PyData Global 2025

Lessons learnt in optimizing a large-scale pandas application using Polars, FireDucks and cuDF: Go Smart and Save More!
2025-12-09 , Analytics, Visualization & Decision Science

In general, a Data Scientist spends significant efforts in transforming the raw data into a more digestible format before training an AI model or creating visualisations. Traditional tools such as pandas have long been the linchpin in this process, offering powerful capabilities but not without limitations. With numerous possible ways to write the same thing in pandas, often a user ends up selecting the uneconomical, inefficient ones, leading to large computational costs with the growth in data size. We introduce a couple of frequently occurring intricate performance issues in pandas, and what we have learnt in solving the same using popular high-performance pandas alternatives: Polars, FireDucks and cuDF. The talk intends to highlight one of the best practices (breaking out of the loops) that one should follow while dealing with large-scale data analysis, while demonstrating the key advantages of the high-performance pandas alternatives based on different scenarios.
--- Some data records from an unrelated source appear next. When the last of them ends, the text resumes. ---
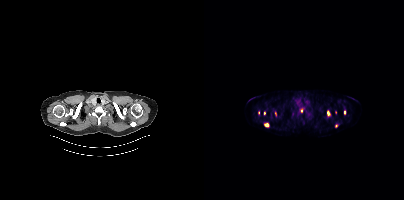
{"modality":"PSMA PET/CT","view":"axial","tracer":"[18F]PSMA-1007","pet_grid":[200,200],"coord_frame":"pet_panel","coord_format":"x0,y0,x1,y1","partial":true,"lesion_bboxes":[[123,110,126,116],[60,123,64,126]],"small_foci_centers":[[140,112],[60,113],[97,110]]}
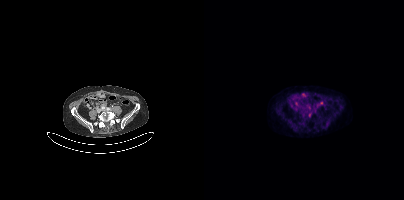
Two-panel axial: CT | PSMA PET, 18F-PSMA tracer. Acquired on Siemens Biograph mCT Flow 20. Slice position z = -1402 mm. Only PSMA-avid lesion pieces thinner than 2 px on this slice (not listed).
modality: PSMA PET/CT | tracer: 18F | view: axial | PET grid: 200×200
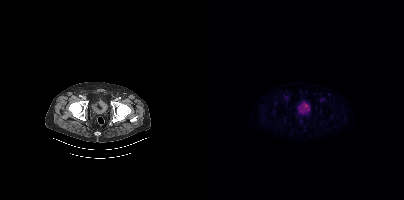
No tumor lesions annotated on this slice.
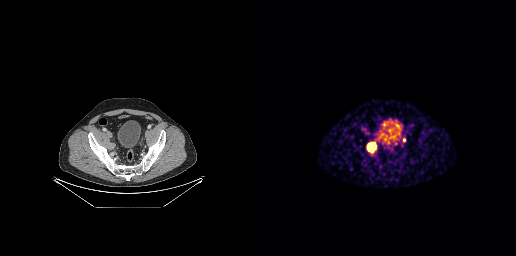
Coordinates are on the 256×256 PET (right) panel. PSMA-avid tumor lesion bounding box (x0,y0,x1,y1): [106,141,116,153]. Small PSMA-avid focus (2 to 4 px across) near (center x, center y): (144, 139). Paired axial CT (left) and PSMA PET (right), 68Ga tracer. Acquired on GE Discovery 690. Slice position z = -854 mm.

It is a known factor that pandas might be slow when dealing with large-scale data analysis, but the know-how of writing effective pandas application might save you a lot. For a data scientist who is primarily specialised in finding the key insights out of the data, it might be difficult to program from the perspective of runtime memory consumption, effective data flow optimization etc. High-performance pandas alternatives like Polars, FireDucks, cuDF etc. are designed to address these issues and can be very useful in saving a lot of operational cost (e.g., cloud cost, human cost etc.). We will talk about the key lessons we have learnt in optimizing a large-scale pandas application and the decision points in selecting the high-performance pandas alternatives. It can be very useful for the contemporary data professional who loves the flexible user APIs in pandas and wants to enhance the performance of their application without much effort when dealing with voluminous and complex data on a regular basis.
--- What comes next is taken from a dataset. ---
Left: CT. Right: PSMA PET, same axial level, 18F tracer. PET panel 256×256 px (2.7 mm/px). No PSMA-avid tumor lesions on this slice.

The key takeaways would be as follows:
1. How the choice and execution order of API calls in writing an data-related application impacts its performance.
2. How to stop thinking the loop-based approach and design the algorithms using DataFrame APIs.
3. How the internal query optimizers in libraries like Polars, FireDucks etc, can be useful to bring SQL-like optimizations at python-level.
4. Whether to pay a large migration cost for optimizing an existing pandas-based application or to go smart with some minor modifications and save more operational cost.


Prior Knowledge Expected:

No

Sourav has 12+ years of professional experience at NEC Corporation in the diverse fields of High-Performance Computing, Distributed Programming, Compiler Design, and Data Science. Currently, his team at NEC R&D Lab, Japan, is researching various data processing-related algorithms. Blending the mixture of different niche technologies related to compiler framework, high-performance computing, and multi-threaded programming, they have developed a Python library named FireDucks with highly compatible pandas APIs for DataFrame-related operations. In his previous engagements, he has worked in research and development of performance-critical AI and Big Data solutions, optimization of several legacy applications related to weather prediction, earth-quake simulation, etc., written in C++ and Fortran. He has been speaking at several meetups and technical conferences related to HPC and Data Science.